◆ TASK TO COMPLETE
As you restate the entries, keep every word intact and leave out whatever images they hold.

◆ DATASET ENTRIES
====
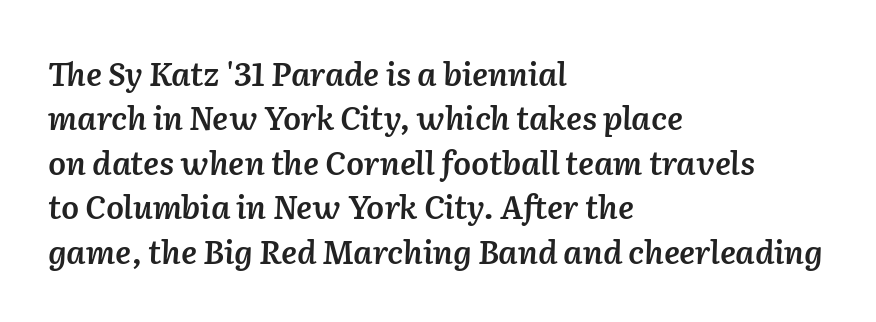
An italicized treatment has been applied to the whole sample. Each letter keeps its own natural width here, so spacing adapts to shape. Nobody drew a line under any word here. The rendering anchors every line to the left-hand side. The characters look somewhat weighty, a semibold short of true bold.
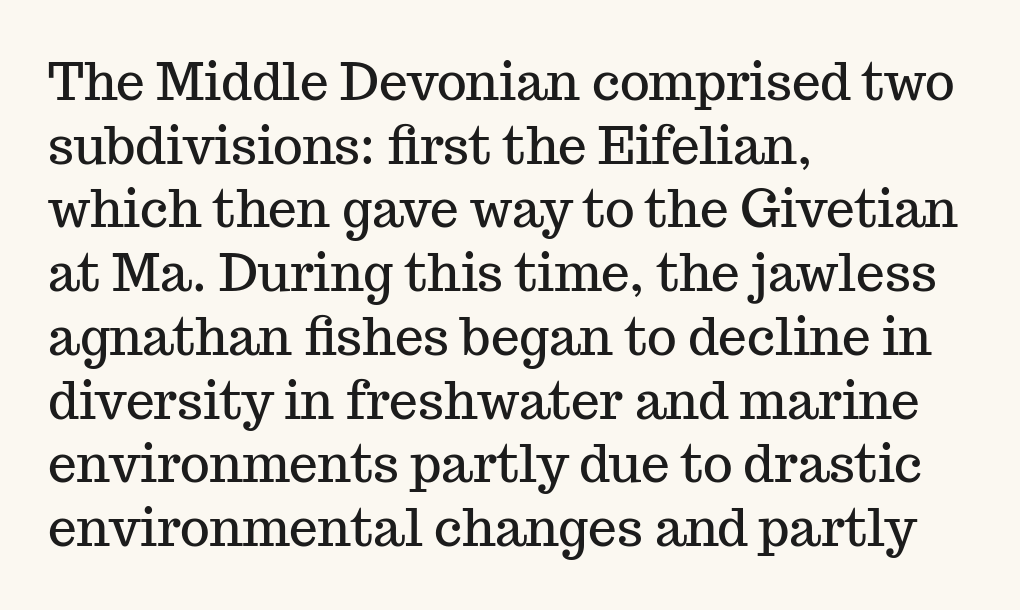
Q: Is the text italic (slanted)? A: No, it is upright.
Q: Is the typeface a serif or a sans-serif typeface? A: Serif.
Q: Is the text underlined? A: No.
Q: How is the paragraph aligned? A: Left-aligned.
Q: Is the spacing between letters normal or unusually wide? A: Normal.
Q: Is the spacing between lines tight, normal or loose? A: Normal.
Q: Width (condensed, normal, or wide)? A: Normal.
Q: Stroke contrast? A: Medium.
Q: x-height? A: Medium.
Q: Monospaced? A: No.
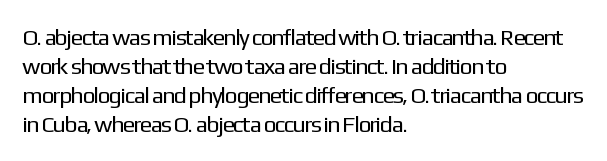
Q: Is the text bold? A: No.
Q: Is the text italic (slanted)? A: No, it is upright.
Q: Is the text underlined? A: No.
Q: How is the paragraph aligned? A: Left-aligned.
Q: Is the spacing between letters normal or unusually wide? A: Normal.
Q: Is the spacing between lines tight, normal or loose? A: Normal.
====
◆ RESPONSE BOX
An italicized treatment has been applied to the whole sample. Each letter keeps its own natural width here, so spacing adapts to shape. Nobody drew a line under any word here. The rendering anchors every line to the left-hand side. The characters look somewhat weighty, a semibold short of true bold.
Q: Is the text italic (slanted)? A: No, it is upright.
Q: Is the typeface a serif or a sans-serif typeface? A: Serif.
Q: Is the text underlined? A: No.
Q: How is the paragraph aligned? A: Left-aligned.
Q: Is the spacing between letters normal or unusually wide? A: Normal.
Q: Is the spacing between lines tight, normal or loose? A: Normal.
Q: Width (condensed, normal, or wide)? A: Normal.
Q: Stroke contrast? A: Medium.
Q: x-height? A: Medium.
Q: Monospaced? A: No.
Q: Is the text bold? A: No.
Q: Is the text italic (slanted)? A: No, it is upright.
Q: Is the text underlined? A: No.
Q: How is the paragraph aligned? A: Left-aligned.
Q: Is the spacing between letters normal or unusually wide? A: Normal.
Q: Is the spacing between lines tight, normal or loose? A: Normal.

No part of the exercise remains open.